We had her evaluated at 16 months. She's now 26 months and doing great.

MB said...

My son, who is now 10 years old, has a pretty major speech delay. We had him in Early Intervention from age 1-3 years. Then we did private speech at our home. Now he gets speech therapy at his school. I think you are doing the right thing to have your son evaluated. The sooner the better so he can get the help he needs. It might not be years and years like my son, but whatever Landon's needs are, the therapists (and the parents who have the gut feelings!) are the experts!

SnappyCasualGifts said...

That is wonderful that the place offers free services. I feel you always have to trust your gut instinct. Glad to hear you were able to get some answers.

Boo and Hooties Mom said...

That's great the services are free.

When my son was 18 months he only said 5 words and had never even said Dada (payback from my daughter who always said Dada and never Mama!) anyway my Dr. had said he wanted at least 10 more words by his next visit. Sure enough he got them but he was definately delayed in talking. It's amazing now..he just turned 6 and seems to be more articulate than his 8 year old sister!
Landon will probably end up being a public speaker when he's a man!!
Good luck with everything!!

Tickled Pink & Green said...

I don't know anything about this so I can't help you, but I just wanted to say you look like Reese Witherspoon in that picture!! Seriously!

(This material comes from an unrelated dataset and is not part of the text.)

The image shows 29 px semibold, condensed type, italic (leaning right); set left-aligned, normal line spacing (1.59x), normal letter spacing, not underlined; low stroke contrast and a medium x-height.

Tickled Pink & Green said...

On second thought, BabyGirl only started sentences a month or so ago and now just ALL OF A SUDDEN she just started saying them all the time. She just turned 2 in mid May so don't worry (yet)... It's almost like it magically happened practically overnight!

Tiaras & Tantrums said...

I am a firm believer in trust your instincts! My son had a severe speech probelm, apraxia, I knew something was wrong with him at 18 months, but the dr made me wait until he was 2 years old to get a diagnosis. He never said one word - ever! We went through intense therapy for 18 months, speech, OT and feeding therapy. Today, at 6 yeaars old, he just finished Kindergarten, inthe gifted program!! Stay positive!!

Tres Poshe Preppy said...

So glad to hear about all the help out there. Landon is such a cutie, he looks like a total sweetheart.